Why This Feels Different
Earlier AI-for-science systems often handled one slice of the workflow: predict a protein shape, rank molecules, classify cells, or summarize papers. Those are useful tools. But Co-Scientist and Robin aim at the loop itself. That loop is the hearth of science: observe, hypothesize, test, analyze, revise. The scientific method, in its old boots and spectacles, has always depended on testable claims [7].
Other recent work points the same way. Coscientist used GPT-4 with tools and lab automation for chemistry experiments [8]. The Virtual Lab used AI agents to design SARS-CoV-2 nanobodies that were experimentally tested [9]. Survey papers now describe agentic AI for scientific discovery as a fast-growing field, with open problems around evaluation, reliability, and safe deployment [10].
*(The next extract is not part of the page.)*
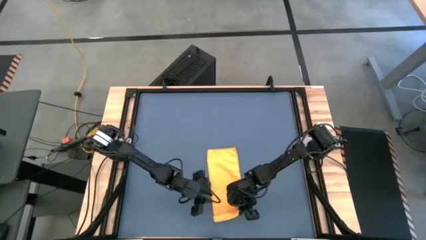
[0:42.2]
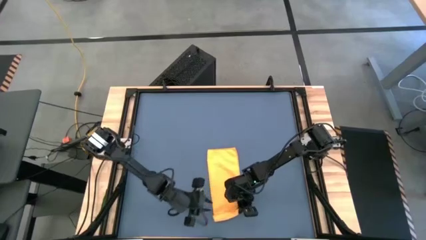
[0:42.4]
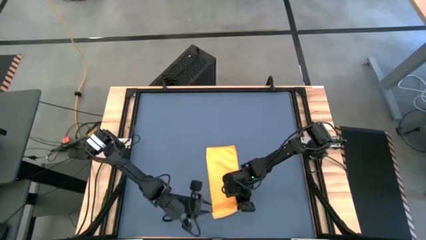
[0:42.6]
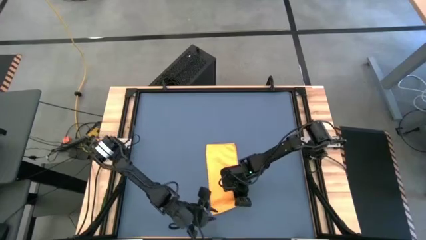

For readers trying to make sense of these reasoning chains, this is where visual maps help. A tool like mapb2.io is not doing the biology for you, bless its sensible little heart, but mapping “paper evidence -> hypothesis -> experiment -> result -> next question” is exactly the kind of thing that keeps a complicated research story from turning into spaghetti.
The Takeaway by the Fire
The charm of this work is not that machines are becoming lone geniuses. Science has never really worked that way, no matter how many portraits of solemn men with beards suggest otherwise. The charm is that AI systems might become tireless idea-sorters: reading more than any one person can, proposing testable paths, and helping scientists spend less time wandering the library stacks with a candle.
But the lab bench still outranks the chatbot. If these tools keep producing hypotheses that survive real experiments, they could make early drug discovery less wasteful and help smaller teams explore more ideas. If not, they will still be very fancy autocomplete with a clipboard.
Either way, the next time your phone finishes your sentence, give it a wary nod. Its larger cousins are now trying to finish the sentence that begins, “Maybe this disease works like...”
References
-
Elemento, O. “AI systems devise hypotheses and ways to test them.” Nature (2026). DOI: 10.1038/d41586-026-01873-2. PMID: 42380272
-
Gottweis, J. et al. “Accelerating scientific discovery with Co-Scientist.” Nature (2026). DOI: 10.1038/s41586-026-10644-y
-
Ghareeb, A. E. et al. “A multi-agent system for automating scientific discovery.” Nature (2026). DOI: 10.1038/s41586-026-10652-y. arXiv: 2505.13400
-
Ledford, H. “Teams of AI agents boost speed of research.” Nature (2026). DOI: 10.1038/d41586-026-01596-4
-
Oldach, L. & Pratap, A. “AI companies introduce new agent-based tools for scientific discovery.” Chemical & Engineering News (2026).
-
Zhang, X. “Will AI spark a scientific renaissance - or a diffuse monoculture?” Nature (2026). DOI: 10.1038/d41586-026-01954-2
-
“Scientific method.” Wikipedia. https://en.wikipedia.org/wiki/Scientific_method
-
Boiko, D. A., MacKnight, R., Kline, B. & Gomes, G. “Autonomous chemical research with large language models.” Nature 624, 570-578 (2023). DOI: 10.1038/s41586-023-06792-0
-
Swanson, K. et al. “The Virtual Lab of AI agents designs new SARS-CoV-2 nanobodies.” Nature 646, 716-723 (2025). DOI: 10.1038/s41586-025-09442-9
-
Gridach, M. et al. “Agentic AI for Scientific Discovery: A Survey of Progress, Challenges, and Future Directions.” arXiv (2025). arXiv: 2503.08979
Disclaimer: This blog post is a simplified summary of published research for educational purposes. The accompanying illustration is artistic and does not depict actual model architectures, data, or experimental results. Always refer to the original paper for technical details.